In 2004, I was fortunate
enough to purchase the 47GHz portable system belonging to David,
G0IVA, who had decided to give up the millimetre bands after a change
of location from IO83 square to IO84!
This equipment had already
achieved a great deal for David, culminating in a UK
47GHz DX record back in 2001. So now I had the honour of
taking over this gear, with every intention of extending that record
even further one day!
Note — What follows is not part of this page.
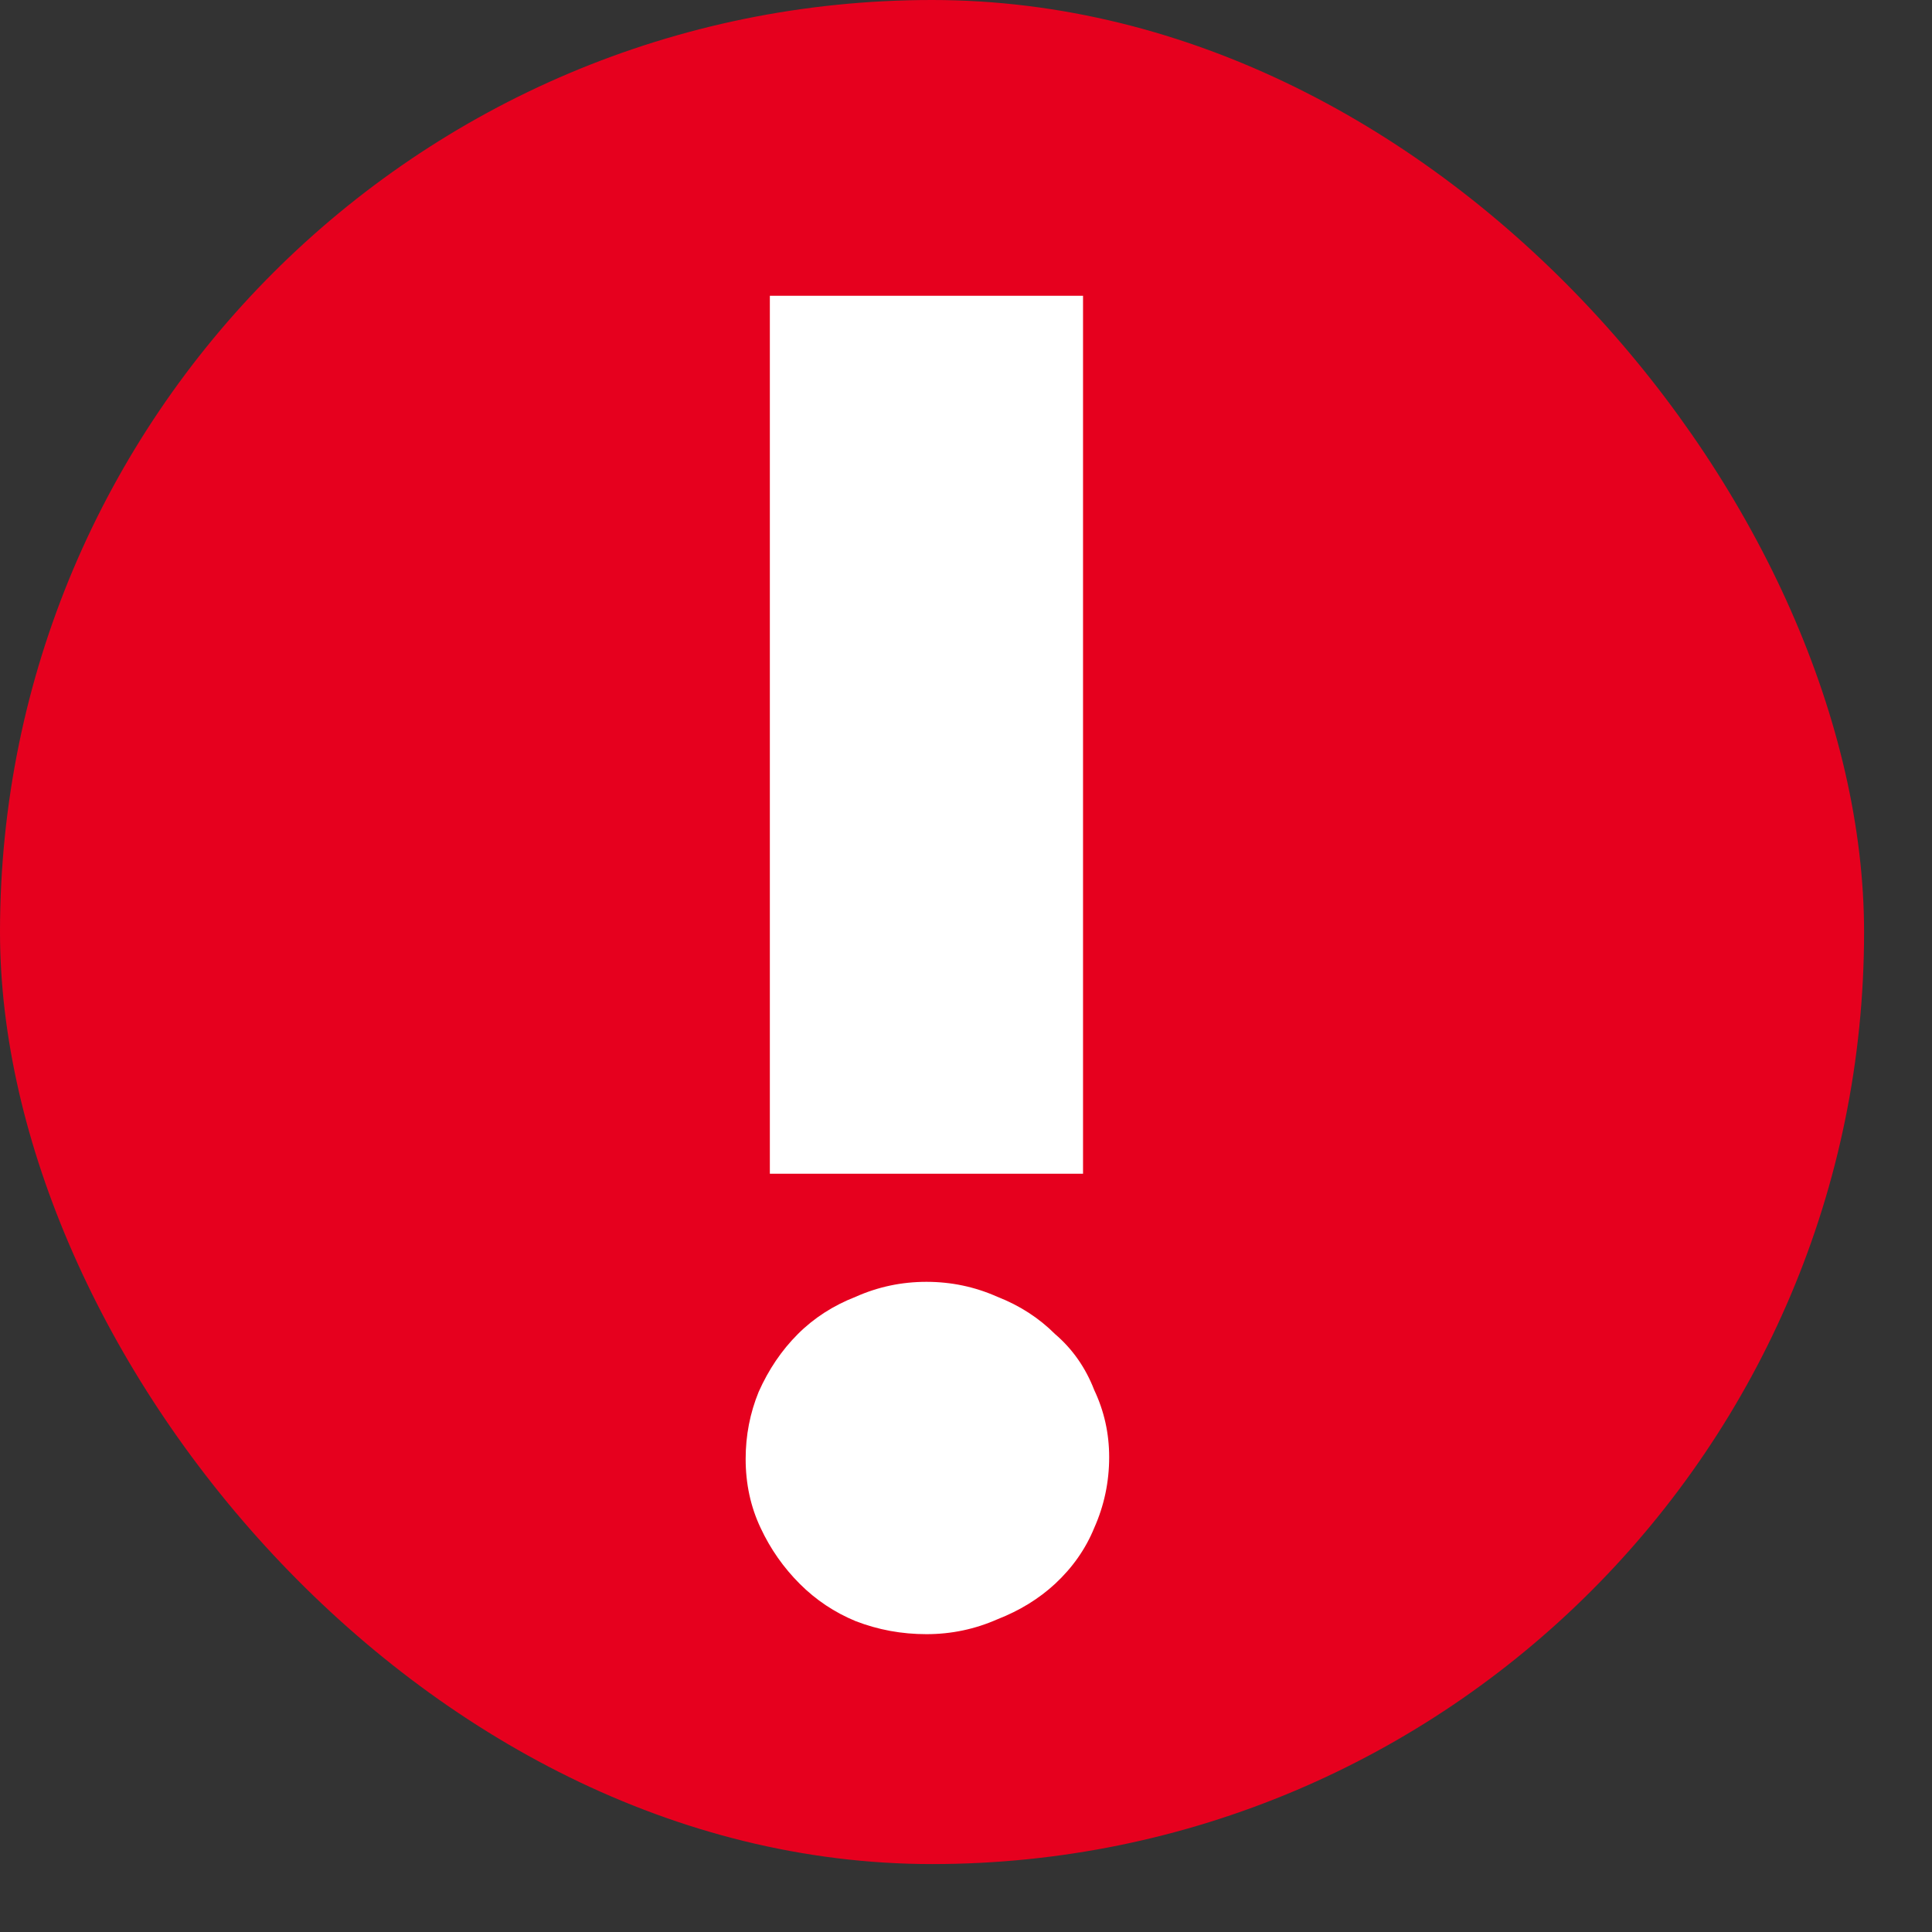 <svg width="19" height="19" viewBox="0 0 19 19" fill="none" xmlns="http://www.w3.org/2000/svg">
<rect x="0" y="0" width="19" height="19" fill="#333333" stroke="none"/>
<rect width="18.332" height="18.332" rx="9.166" fill="#E6001E"/>
<path d="M7.571 11.543L7.571 2.909L10.651 2.909V11.543H7.571ZM10.908 14.33C10.908 14.574 10.859 14.806 10.761 15.026C10.676 15.234 10.547 15.417 10.376 15.576C10.217 15.723 10.028 15.839 9.808 15.925C9.588 16.022 9.356 16.071 9.111 16.071C8.867 16.071 8.635 16.028 8.415 15.943C8.207 15.857 8.024 15.735 7.865 15.576C7.706 15.417 7.577 15.234 7.48 15.026C7.382 14.819 7.333 14.592 7.333 14.348C7.333 14.116 7.376 13.896 7.461 13.688C7.559 13.468 7.687 13.279 7.846 13.12C8.005 12.961 8.195 12.839 8.415 12.753C8.635 12.655 8.867 12.606 9.111 12.606C9.356 12.606 9.588 12.655 9.808 12.753C10.028 12.839 10.217 12.961 10.376 13.12C10.547 13.266 10.676 13.45 10.761 13.67C10.859 13.877 10.908 14.097 10.908 14.33Z" fill="white"/>
</svg>

David,as GW0IVA/p, is shown here right,
on the 1085m asl summit of Snowdon in North Wales(IO73XB18) when
he made the UK record with GM0HNW/P and GM7MRF/P located
on Cambret Hill in South West Scotland (IO74UV34).
David had wisely built
the 47GHz gear to be as lightweight and as transportable as possible
since he had to carry the whole station,plus 144MHz talkback, in
a rucksack (see photo above) to mountain tops. I had different ideas
and so set about modifying his system a little, particularly in
the field of interconnecting cables and tripods. Whereas David had
to use very thin, individual wires for interlinking the modules
and battery, I was able to make these a little "beefier"
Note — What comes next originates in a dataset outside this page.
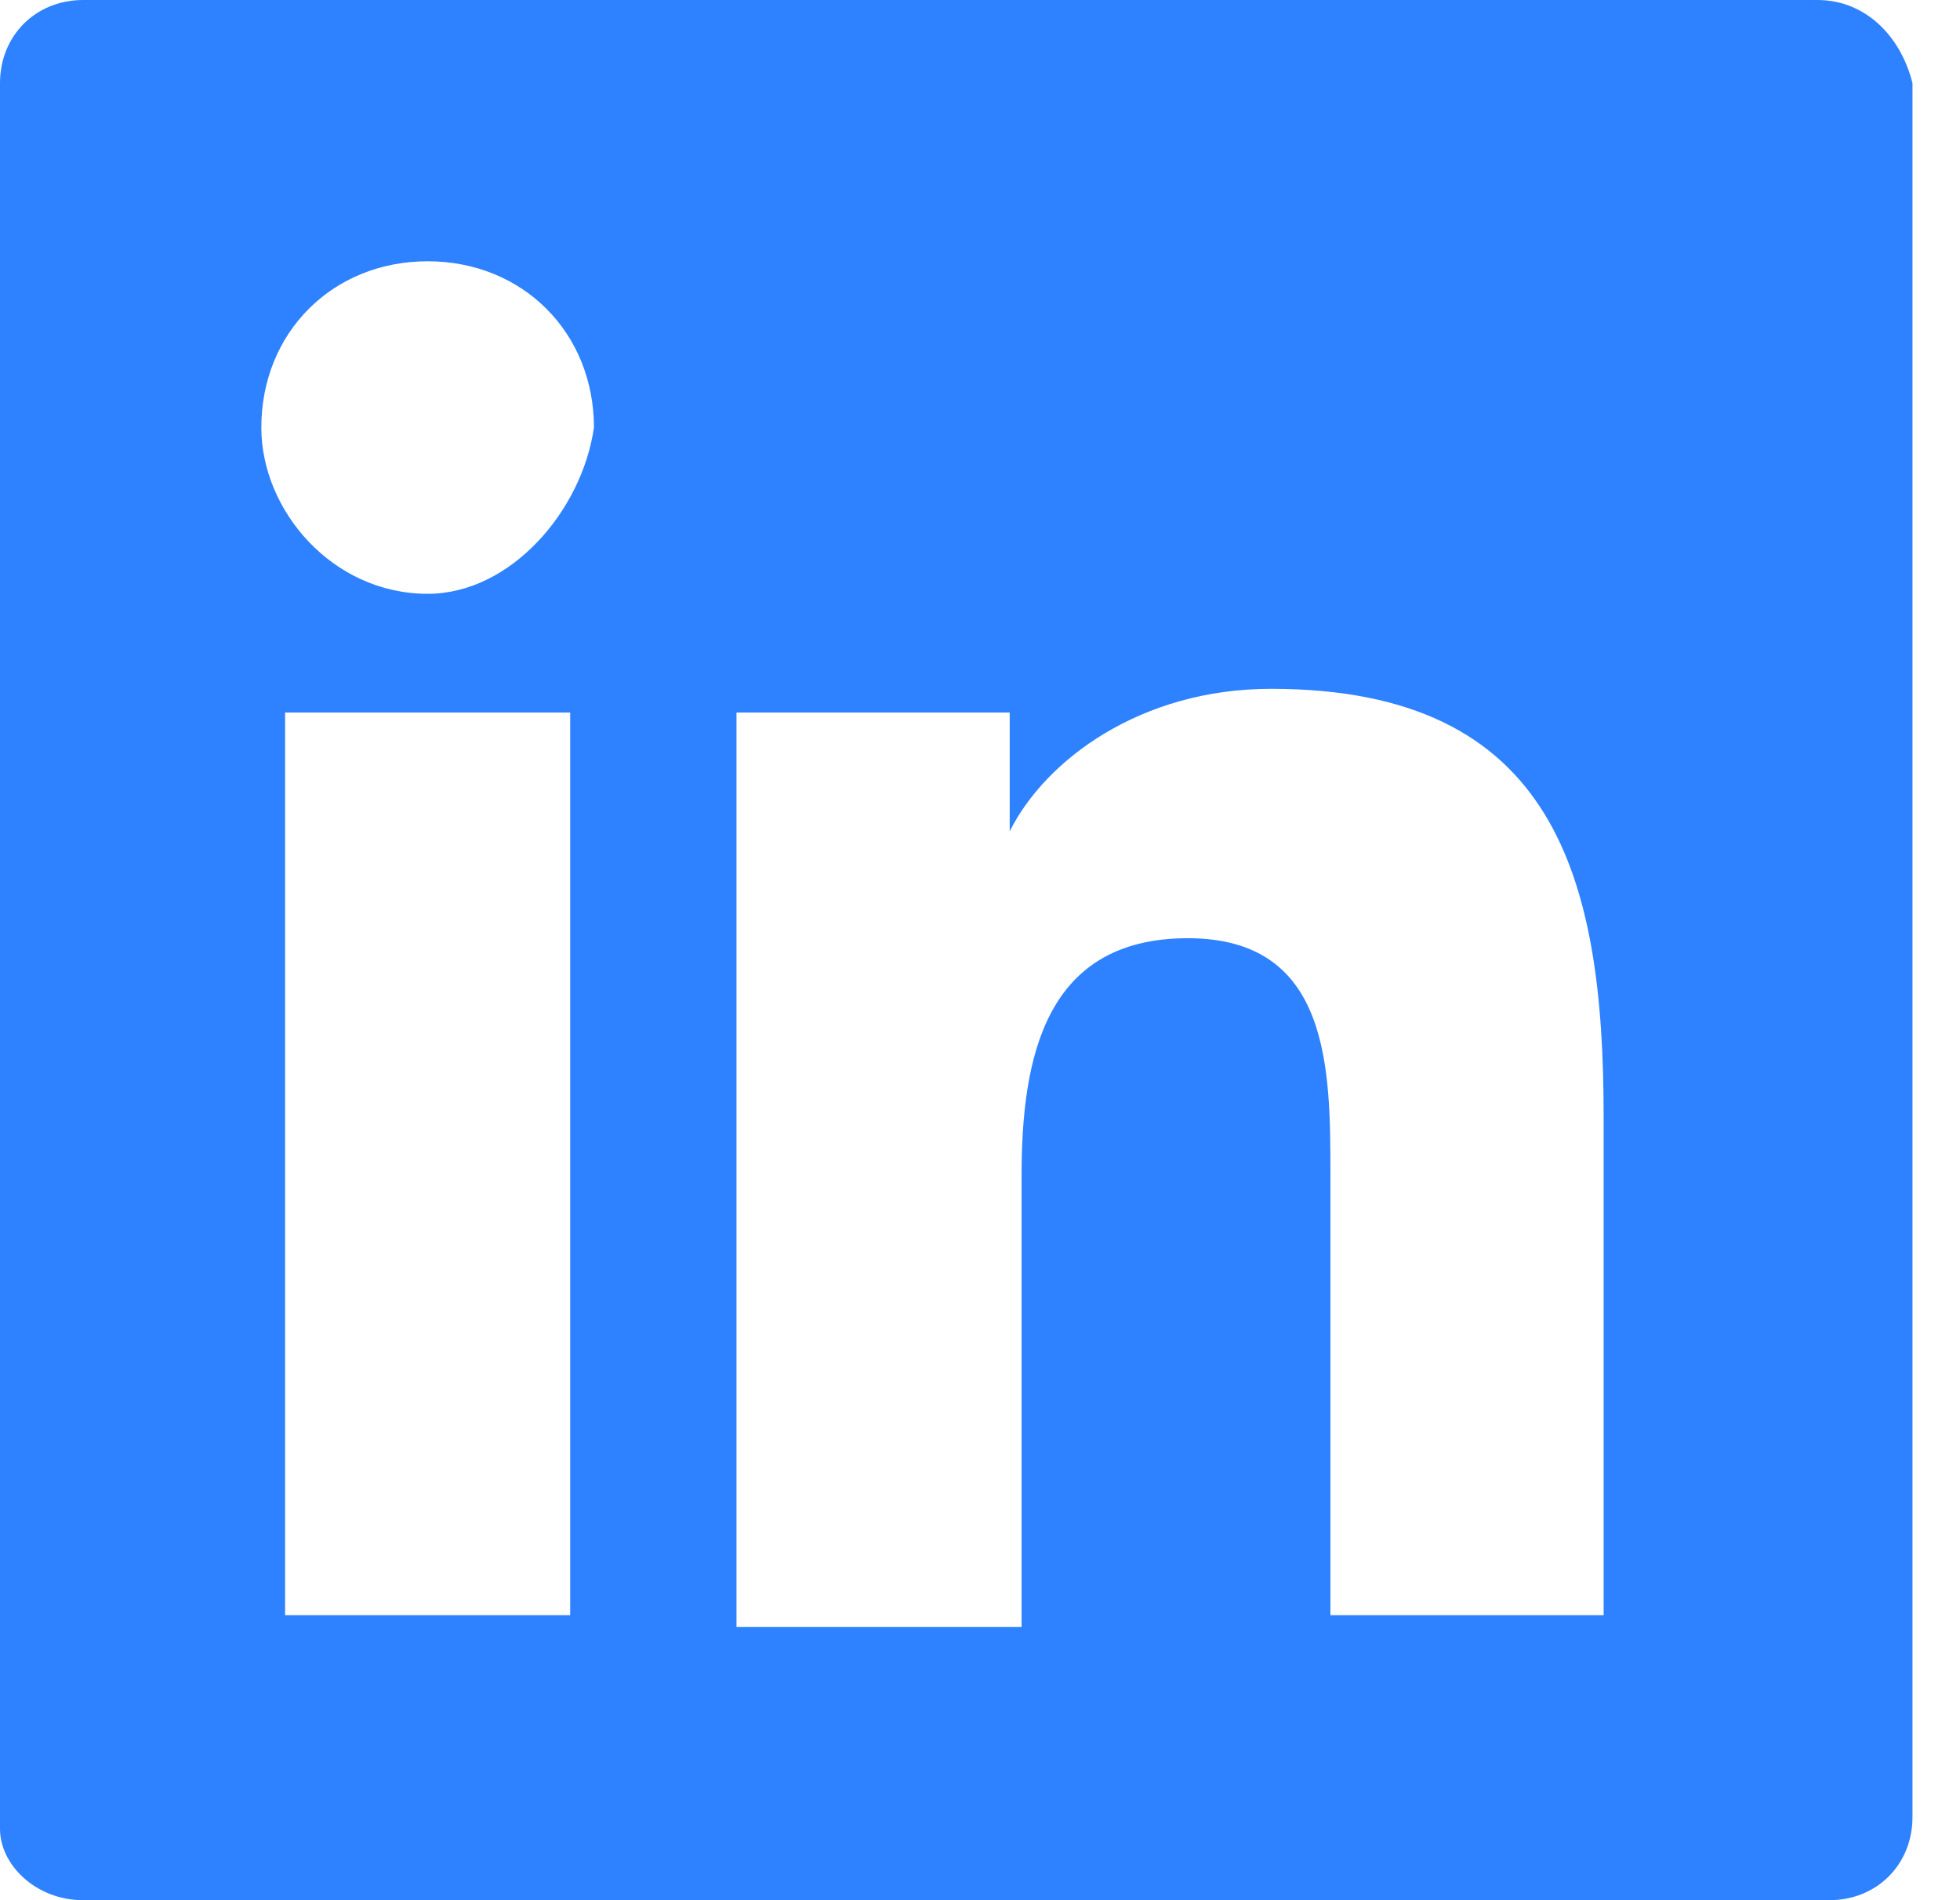 <svg width="33" height="32" viewBox="0 0 33 32" fill="none" xmlns="http://www.w3.org/2000/svg">
<path d="M30.6 0H1.4C0.6 0 0 0.6 0 1.4V30.8C0 31.4 0.6 32 1.4 32H30.8C31.6 32 32.2 31.4 32.2 30.6V1.4C32 0.6 31.4 0 30.6 0ZM9.4 27.2H4.8V12H9.6V27.2H9.4ZM7.2 10C5.6 10 4.4 8.6 4.4 7.2C4.4 5.6 5.6 4.4 7.2 4.4C8.8 4.4 10 5.6 10 7.2C9.8 8.6 8.6 10 7.2 10ZM27.2 27.2H22.4V19.8C22.4 18 22.4 15.8 20 15.8C17.6 15.8 17.2 17.8 17.2 19.8V27.4H12.4V12H17V14C17.6 12.8 19.2 11.6 21.4 11.6C26.2 11.6 27 14.8 27 18.8V27.2H27.2Z" fill="#2E82FF"/>
</svg>

and included "bomb proof" connectors because I intended
operating from by the side of a vehicle. Backpacking might come
Apart from the transmit
oscillator source, the whole RF system was well built by G0IVA from
DB6NT kits and designs. The specially milled feedhorns shown
in the photo below are of particular note.
|The photos above
and right show what I did to strengthen the 47GHz system. First
of all, I mounted the whole thing on a wooden platform and a strong
National tripod(from my old 10GHz portable setup!) and changed the
individual flimsy DC wires to thick multiway cables with XLR or coaxial
connectors at each end. This enables a very quick assembly on arrival
at the portable location. The photos also show the orignal large diecast
aluminium box that houses the crystal controlled ovened transmitter
oscillator. I added the DC connectors and sprayed the box with silver
Hammerite paint.The box houses a DF9LN OCXO which is quite stable
and "clean" by the time it's multiplied to 47GHz from around
the 100MHz starting frequency! The box outputs at just below 12GHz
and this is then multiplied by a DB6NT multiplier/doubler (the module
underneath the aluminium plate on the dish feed arm)to just over 23GHz
and is then doubled in the final multiplier to produce 22 milliwatts
of 47GHz at the TX feedhorn.
||On the left
is another view of the modules. The receiver consists of a DB6NT 12GHz
local oscillator driving a doubler to 23.5GHz and then into a separate
DB6NT sub harmonic mixer. The 12GHz oscillator module can be seen
in the photo above, held to the mounting plate with two aluminium
straps while the 23GHz doubler and subharmonic mixer modules form
the topmost units in the photo to the left. In this photo, the right
hand feedhorn is for receiver while the left hand one is for transmit.
TX/RX change over involves pivotting the required feedhorn around
a wing-nutted screw that holds the whole TX/RX assemble to the dish
feed arm or boom... no fancy (and lossy) relays at 47GHz!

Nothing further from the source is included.